··· PROVIDED INFORMATION ···

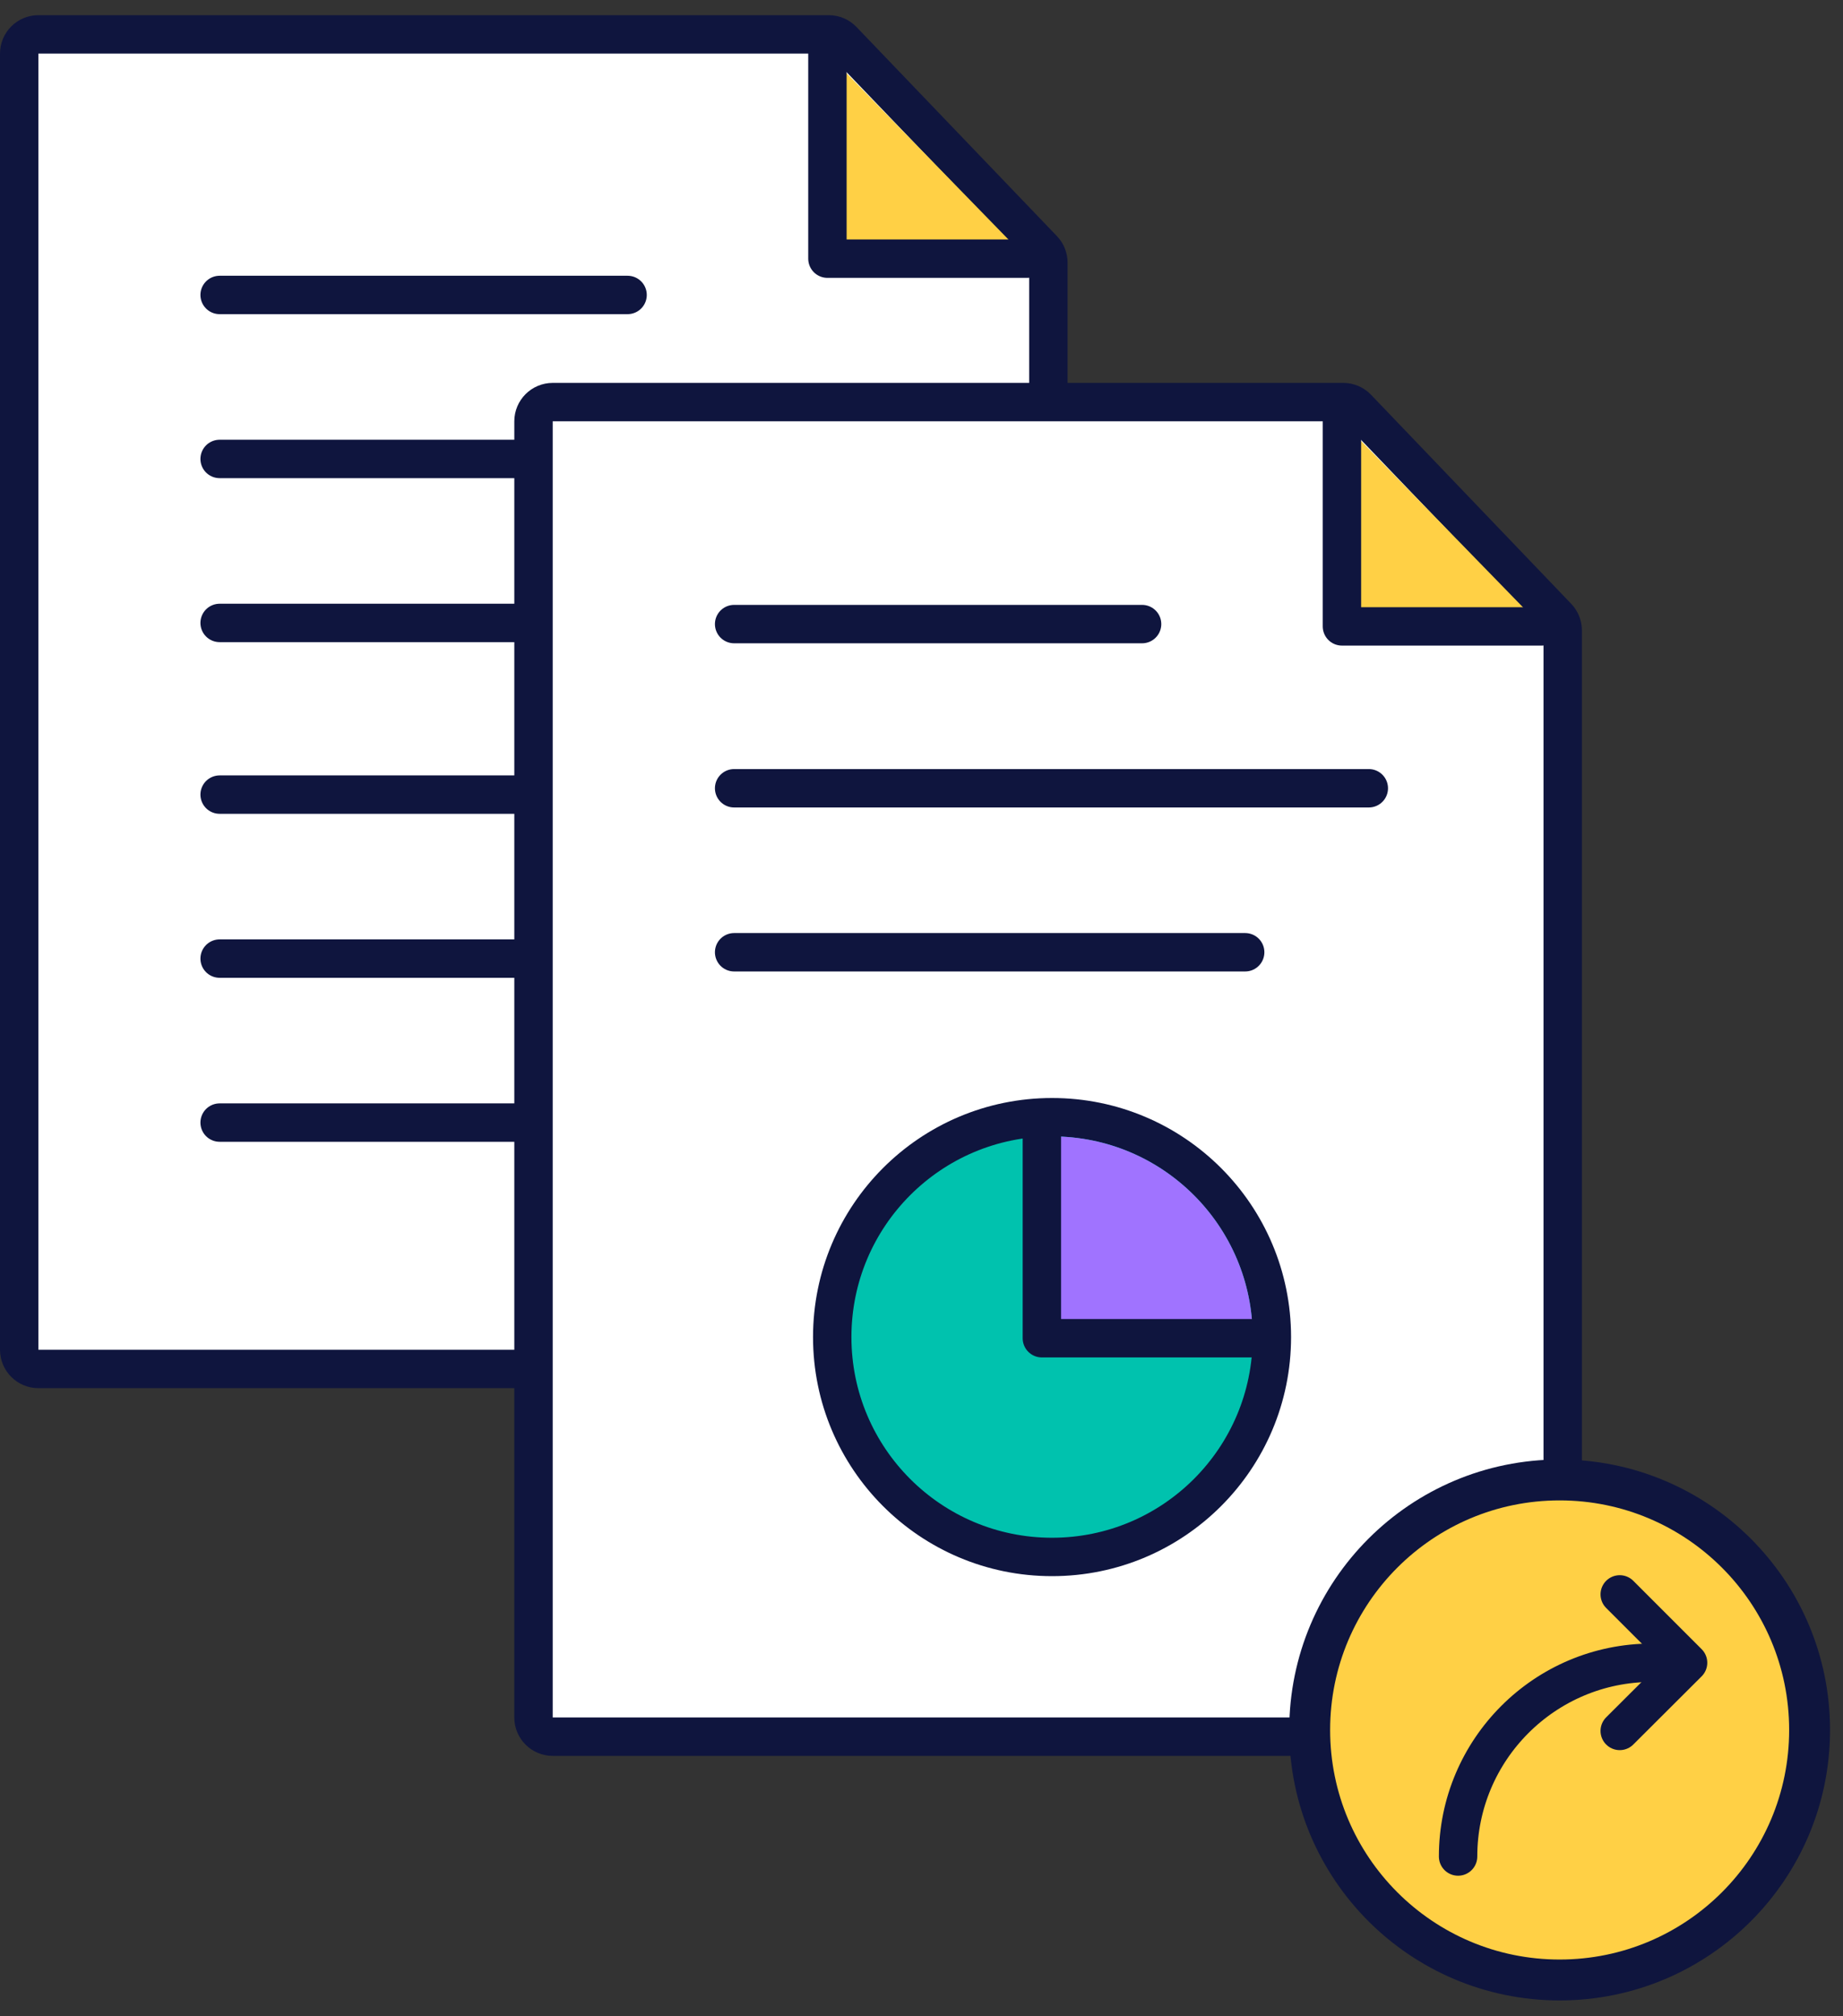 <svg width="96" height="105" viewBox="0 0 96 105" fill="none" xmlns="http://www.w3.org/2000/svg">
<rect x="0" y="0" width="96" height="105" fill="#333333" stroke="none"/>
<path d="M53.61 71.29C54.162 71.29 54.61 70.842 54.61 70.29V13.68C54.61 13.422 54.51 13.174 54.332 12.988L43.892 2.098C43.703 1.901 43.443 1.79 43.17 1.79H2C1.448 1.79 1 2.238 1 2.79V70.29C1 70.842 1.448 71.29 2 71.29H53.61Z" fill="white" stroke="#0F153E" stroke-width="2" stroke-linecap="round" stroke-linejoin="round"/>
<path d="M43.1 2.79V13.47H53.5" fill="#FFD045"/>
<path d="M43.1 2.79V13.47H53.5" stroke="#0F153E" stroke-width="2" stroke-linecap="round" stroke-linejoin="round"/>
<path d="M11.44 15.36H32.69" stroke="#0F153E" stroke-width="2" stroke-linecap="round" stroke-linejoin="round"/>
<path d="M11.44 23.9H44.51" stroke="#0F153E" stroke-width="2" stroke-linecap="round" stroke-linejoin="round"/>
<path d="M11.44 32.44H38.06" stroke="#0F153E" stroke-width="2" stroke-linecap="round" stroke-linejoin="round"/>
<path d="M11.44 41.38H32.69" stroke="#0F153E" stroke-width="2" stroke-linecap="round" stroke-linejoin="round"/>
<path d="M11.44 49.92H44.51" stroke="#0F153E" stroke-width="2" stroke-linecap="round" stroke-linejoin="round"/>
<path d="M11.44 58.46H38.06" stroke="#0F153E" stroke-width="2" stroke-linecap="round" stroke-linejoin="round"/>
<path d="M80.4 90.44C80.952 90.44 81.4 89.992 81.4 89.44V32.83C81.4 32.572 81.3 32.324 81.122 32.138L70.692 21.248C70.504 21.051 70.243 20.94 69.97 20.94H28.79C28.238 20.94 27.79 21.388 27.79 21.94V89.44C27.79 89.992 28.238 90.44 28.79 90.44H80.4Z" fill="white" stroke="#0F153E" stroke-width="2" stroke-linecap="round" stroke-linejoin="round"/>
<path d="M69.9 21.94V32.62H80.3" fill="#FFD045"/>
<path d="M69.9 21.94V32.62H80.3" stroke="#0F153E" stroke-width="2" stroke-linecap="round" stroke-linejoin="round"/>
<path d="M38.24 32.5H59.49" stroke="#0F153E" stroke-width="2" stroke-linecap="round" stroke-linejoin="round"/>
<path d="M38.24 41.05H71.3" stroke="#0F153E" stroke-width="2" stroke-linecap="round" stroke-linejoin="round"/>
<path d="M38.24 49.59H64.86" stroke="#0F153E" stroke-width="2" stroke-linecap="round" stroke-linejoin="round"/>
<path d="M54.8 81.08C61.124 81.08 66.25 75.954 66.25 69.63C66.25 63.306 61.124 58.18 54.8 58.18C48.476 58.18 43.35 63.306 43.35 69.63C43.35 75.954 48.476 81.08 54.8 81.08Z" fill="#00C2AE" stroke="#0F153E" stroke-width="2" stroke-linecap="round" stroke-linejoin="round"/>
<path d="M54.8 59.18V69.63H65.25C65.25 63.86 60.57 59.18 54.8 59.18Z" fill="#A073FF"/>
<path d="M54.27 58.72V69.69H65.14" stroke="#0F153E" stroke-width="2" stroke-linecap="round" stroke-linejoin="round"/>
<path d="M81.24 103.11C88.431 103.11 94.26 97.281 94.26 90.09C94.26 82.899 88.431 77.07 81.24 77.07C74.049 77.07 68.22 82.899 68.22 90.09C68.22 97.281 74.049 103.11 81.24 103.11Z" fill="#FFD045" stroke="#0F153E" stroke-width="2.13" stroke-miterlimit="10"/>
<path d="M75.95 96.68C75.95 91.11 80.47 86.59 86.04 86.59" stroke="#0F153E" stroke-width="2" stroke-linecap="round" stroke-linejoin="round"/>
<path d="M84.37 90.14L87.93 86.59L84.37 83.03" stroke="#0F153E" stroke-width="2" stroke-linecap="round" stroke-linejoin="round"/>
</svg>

···

*TASK DETAILS*. Retrieve each line from the records above where the word "white" occurs.

*RESULT OF THE TASK*.
<path d="M53.61 71.29C54.162 71.29 54.61 70.842 54.61 70.29V13.68C54.61 13.422 54.51 13.174 54.332 12.988L43.892 2.098C43.703 1.901 43.443 1.79 43.17 1.79H2C1.448 1.79 1 2.238 1 2.79V70.29C1 70.842 1.448 71.29 2 71.29H53.61Z" fill="white" stroke="#0F153E" stroke-width="2" stroke-linecap="round" stroke-linejoin="round"/>
<path d="M80.4 90.44C80.952 90.44 81.4 89.992 81.4 89.44V32.83C81.4 32.572 81.3 32.324 81.122 32.138L70.692 21.248C70.504 21.051 70.243 20.94 69.97 20.94H28.79C28.238 20.94 27.79 21.388 27.79 21.94V89.44C27.79 89.992 28.238 90.44 28.79 90.44H80.4Z" fill="white" stroke="#0F153E" stroke-width="2" stroke-linecap="round" stroke-linejoin="round"/>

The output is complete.